A Paramount Skydance intensificou sua guinada tecnológica ao nomear Barak Turovsky, um ex-executivo do Google, como o novo chefe de inteligência artificial voltada ao consumidor. A contratação, comunicada internamente pelo diretor de produto Dane Glasgow, marca um esforço estratégico para modernizar a infraestrutura de streaming da companhia sob a gestão de David Ellison.
Turovsky, que possui histórico em empresas como General Motors, Cisco e SAP, chega com a missão de expandir a equipe de IA e machine learning. Segundo o memorando interno, o objetivo é utilizar tecnologias emergentes para otimizar pilares críticos, incluindo a personalização de conteúdo, descoberta de catálogo e novas capacidades de monetização para plataformas como o Paramount+ e o Pluto TV.
A busca por escala tecnológica
A chegada de Turovsky ocorre em um momento de reestruturação organizacional na Paramount. A empresa está consolidando sua liderança técnica após a saída do CTO Phil Wiser, com executivos-chave passando a reportar diretamente a Glasgow. A estratégia reflete uma necessidade urgente de alinhar a oferta de entretenimento com ferramentas de automação que já são padrão em competidores globais do setor de mídia.

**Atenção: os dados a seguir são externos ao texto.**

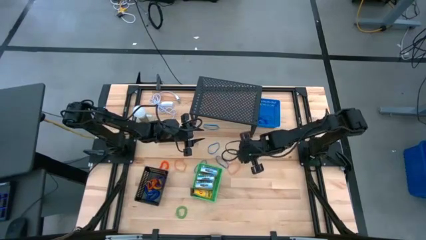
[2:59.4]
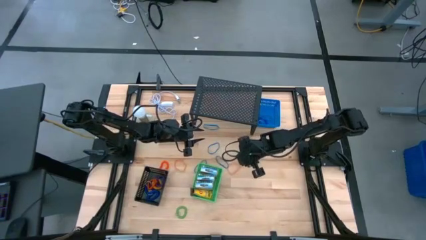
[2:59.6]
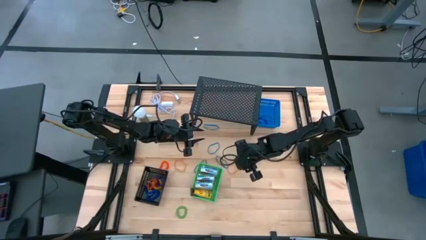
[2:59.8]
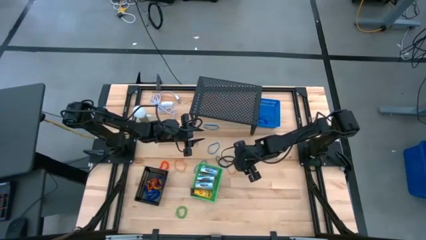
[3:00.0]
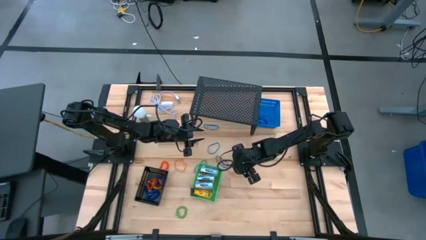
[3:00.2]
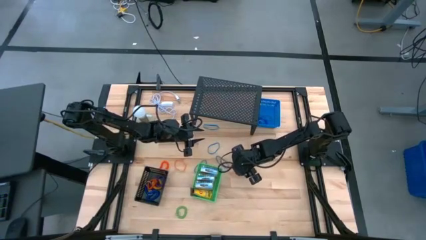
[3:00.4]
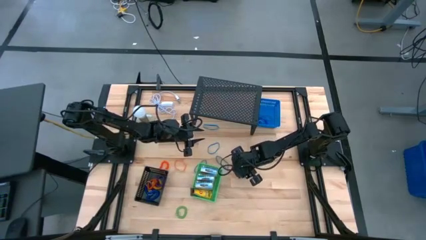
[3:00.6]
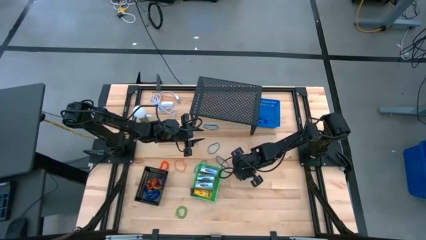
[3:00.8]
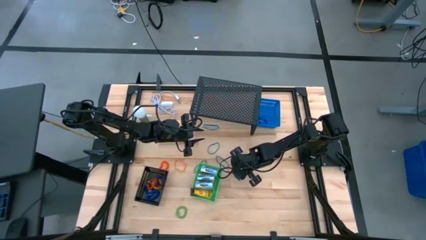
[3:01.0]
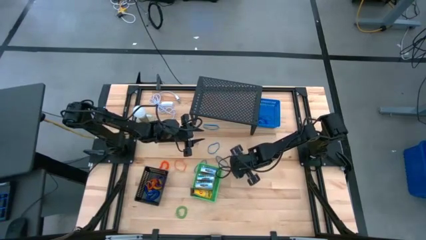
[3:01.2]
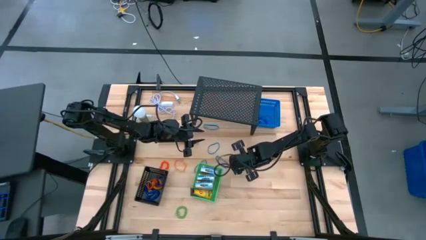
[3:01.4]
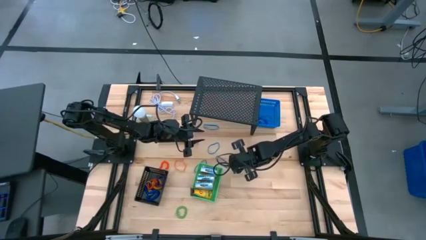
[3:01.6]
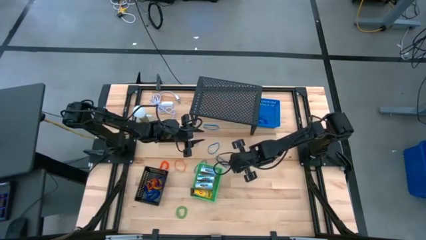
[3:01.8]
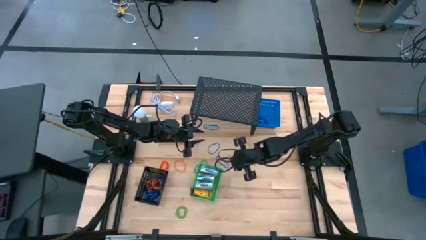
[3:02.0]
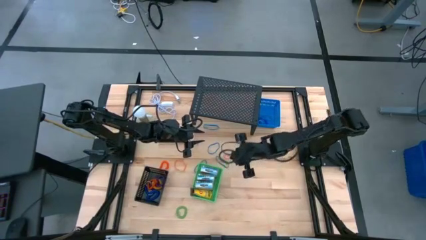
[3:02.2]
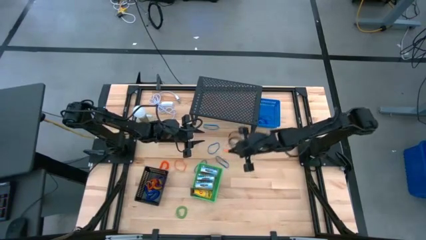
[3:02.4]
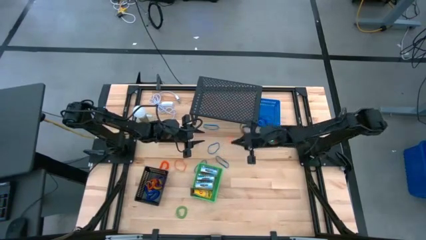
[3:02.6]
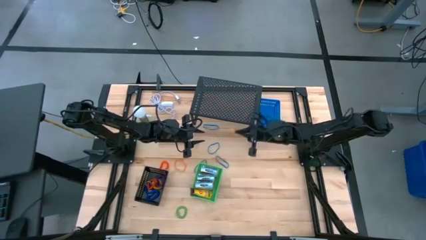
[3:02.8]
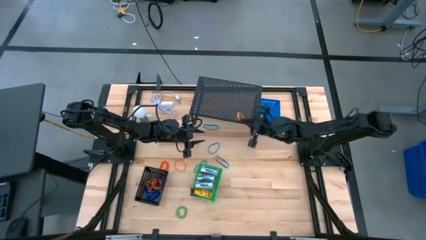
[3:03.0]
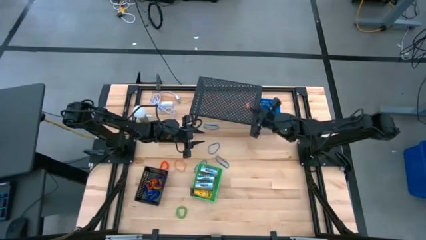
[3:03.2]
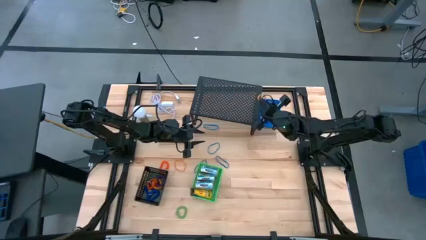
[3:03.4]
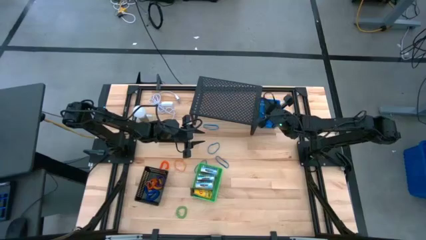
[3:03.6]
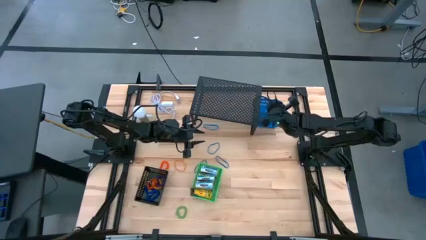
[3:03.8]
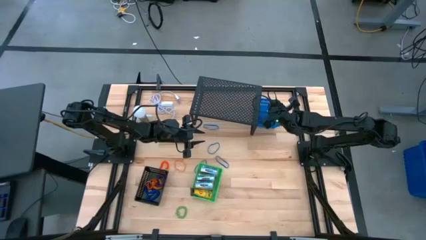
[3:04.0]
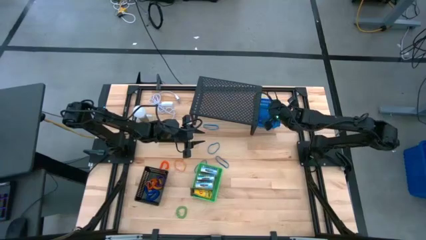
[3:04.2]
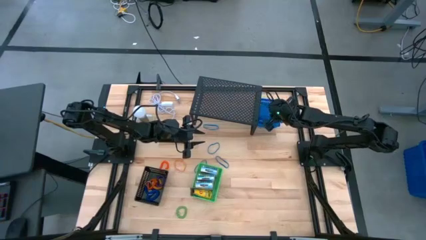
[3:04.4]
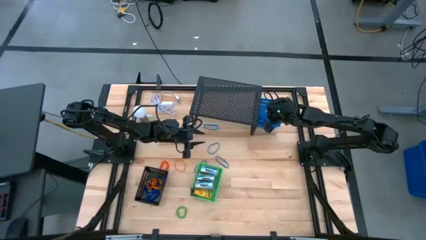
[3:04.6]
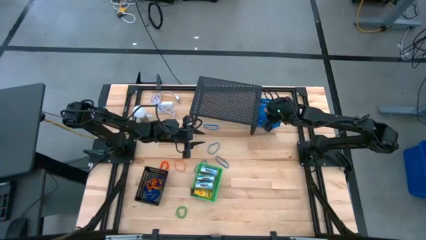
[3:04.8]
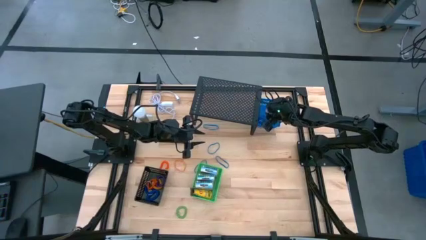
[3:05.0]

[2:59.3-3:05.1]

O histórico de Turovsky no Google, onde liderou a comercialização de grandes modelos de linguagem e tecnologias baseadas em Transformers, é visto como um ativo fundamental. A expectativa é que ele consiga transpor essa experiência para o ambiente de streaming, transformando dados em engajamento direto, um desafio que a Paramount tem enfrentado ao tentar reduzir a distância competitiva para gigantes como Netflix.
Mecanismos de monetização e engajamento
A aplicação prática da IA na Paramount foca em transformar a experiência do usuário em uma ferramenta de receita. Ao integrar inteligência artificial na descoberta de conteúdo e no desenvolvimento de recursos interativos, como ferramentas de compras e estatísticas esportivas em tempo real, a empresa busca aumentar o tempo de permanência nas plataformas.
Internamente, a mudança é vista como uma tentativa de superar a dependência de métodos tradicionais de curadoria. Engenheiros da casa já relatam o uso de múltiplos agentes de IA para acelerar o desenvolvimento de software, indicando que a cultura corporativa está se adaptando para suportar uma operação cada vez mais automatizada e orientada por dados de comportamento do consumidor.
Tensões no mercado de streaming
A aposta em talentos oriundos do ecossistema de tecnologia, como a contratação de Hugh Williams, também ex-Google, sugere que a Paramount está tentando importar uma cultura de produto mais ágil. Para o mercado, o movimento sinaliza que a infraestrutura técnica tornou-se tão vital quanto o catálogo de produções originais para a sustentabilidade financeira dos serviços de streaming.
A concorrência por profissionais de IA é intensa, e a Paramount enfrenta o desafio de reter talentos enquanto tenta modernizar sistemas legados. A capacidade de integrar essas inovações sem comprometer a estabilidade das plataformas será o teste definitivo para a nova liderança, especialmente em um cenário onde o churn de assinantes é uma preocupação constante.
Perspectivas de integração
O que permanece incerto é a velocidade com que essas inovações chegarão ao usuário final de forma tangível. A transição para uma estrutura de IA centralizada sob o comando de Turovsky levanta questões sobre como a empresa equilibrará a automação com a curadoria humana em suas ofertas de conteúdo.
O mercado observará atentamente se a nova estrutura de relatórios diretos a Glasgow conseguirá eliminar os silos organizacionais. A capacidade da Paramount de converter esses investimentos em tecnologia em crescimento real de receita será o principal indicador do sucesso desta nova fase de gestão.